The territory of the comune of Rovasenda is enclosed in the alta pianura vercellese (high plain of Vercelli, also known as Baraggia). The land is levelled, with a slight inclination from north to the south.
Its altitude varies from 259 to 199 m above sea level.; the Comune is about 9 km from north to south and 5 km from east to west.
It borders Roasio e Gattinara to the north, Lenta, Ghislarengo e Arborio to the east, San Giacomo Vercellese and Buronzo to the south and Masserano and Brusnengo to the west, which form part of the province of Biella.

The comune's territory comprises the Rovasenda stream as well as the Marchiazza stream, which marks part of its eastern boundary.
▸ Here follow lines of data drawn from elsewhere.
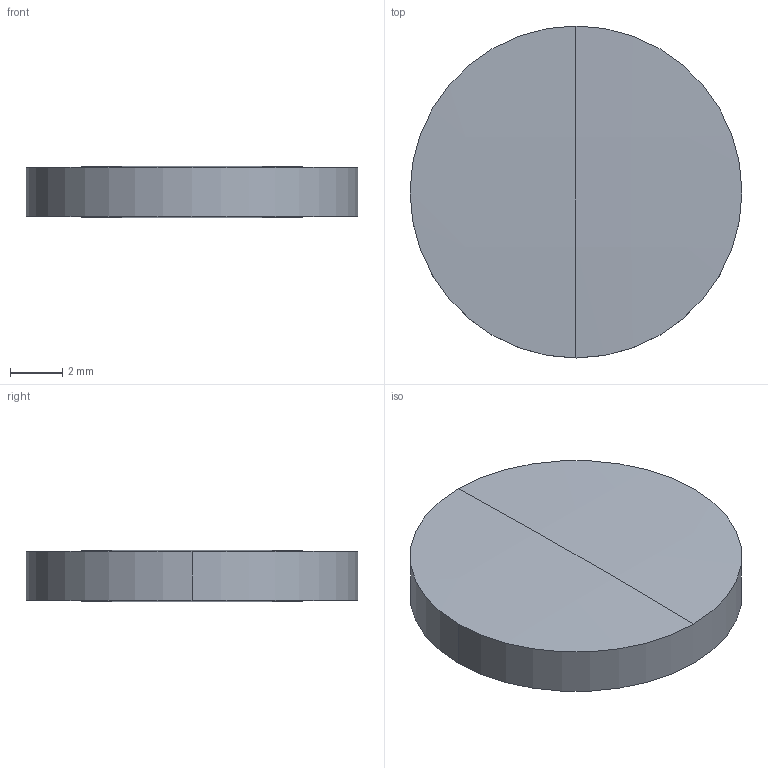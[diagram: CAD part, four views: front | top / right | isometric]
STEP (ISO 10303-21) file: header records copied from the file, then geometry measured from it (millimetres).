
FILE_DESCRIPTION (( 'STEP AP203' ), '1' );
FILE_NAME ('111-0140E BK7 bi-cx 12.7 F250.STEP', '2019-01-11T10:00:09', ( '' ), ( '' ), 'SwSTEP 2.0', 'SolidWorks 2017', '' );
FILE_SCHEMA (( 'CONFIG_CONTROL_DESIGN' ));
Length unit declared in the file: millimetre
Products named in the file (1): 111-0140E BK7 bi-cx 12.7 F250
Bounding box: 12.7 x 12.7 x 1.98 mm (x, y, z)
Volume: 243.5 mm3; surface area: 327 mm2
Topology: 1 solids, 1 shells, 6 faces, 12 edges, 8 vertices
Faces by surface type: bspline 4, cylinder 2
Entity records: 287 total; most frequent: CARTESIAN_POINT 87, DIRECTION 28, ORIENTED_EDGE 24, AXIS2_PLACEMENT_3D 13, EDGE_CURVE 12, CIRCLE 10, VERTEX_POINT 8, PERSON_AND_ORGANIZATION 8
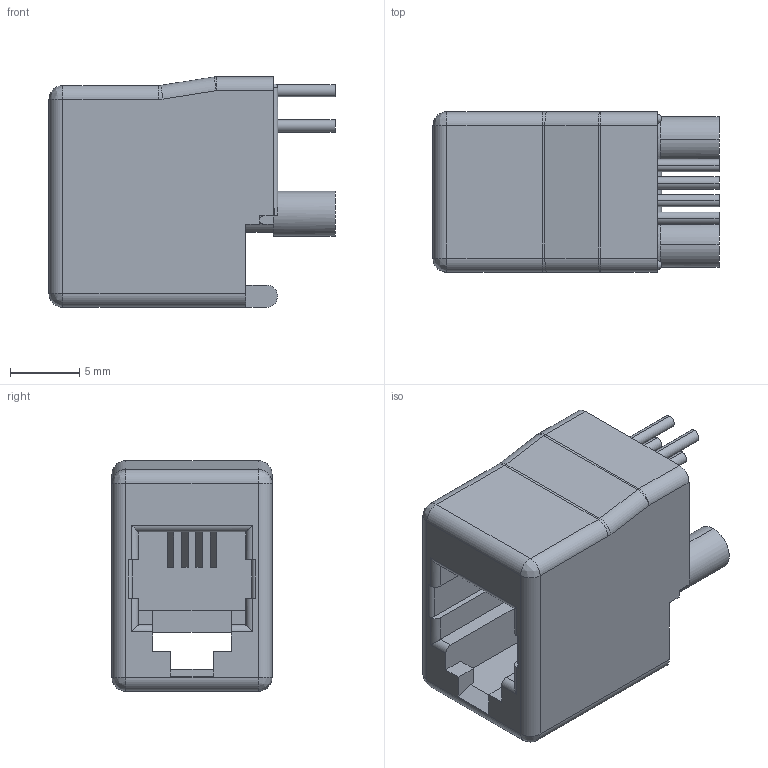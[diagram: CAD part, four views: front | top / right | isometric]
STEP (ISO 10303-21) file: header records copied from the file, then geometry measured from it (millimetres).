
FILE_DESCRIPTION (( 'STEP AP214' ), '1' );
FILE_NAME ('User Library-3066-30004001R-Rev.01.STEP', '2016-02-22T11:05:17', ( 'Windows User' ), ( '' ), 'SwSTEP 2.0', 'SolidWorks 2016', '' );
FILE_SCHEMA (( 'AUTOMOTIVE_DESIGN' ));
Length unit declared in the file: millimetre
Products named in the file (1): User Library-3066-30004001R-Rev.01
Bounding box: 20.64 x 11.56 x 16.64 mm (x, y, z)
Volume: 2210.8 mm3; surface area: 1836.1 mm2
Topology: 2 solids, 2 shells, 155 faces, 420 edges, 268 vertices
Faces by surface type: plane 91, cylinder 50, bspline 14
Entity records: 5149 total; most frequent: CARTESIAN_POINT 1230, ORIENTED_EDGE 836, DIRECTION 760, EDGE_CURVE 418, VECTOR 292, LINE 292, VERTEX_POINT 268, AXIS2_PLACEMENT_3D 234

Numerous irrigation canals supply the surrounding rice paddies with water; among these, the Roggia del Marchese (also known as Roggia Marchionale) is the most noteworthy.
Most of the settlements are found within the main administrative division (capoluogo), surrounded by vast rice fields speckled with sparse, secluded farmhouses; aside from the capoluogo, there are no divisions of relevant size.
Rovasenda is located at the crossroads of two railway lines, the Santhià-Arona railway and the Biella-Novara railway; oddly enough the town has two separate yet adjacent railway stations (the Rovasenda and Rovasenda Alta railway stations, on the Biella-Novara and the Santhià-Arona railway lines, respectively).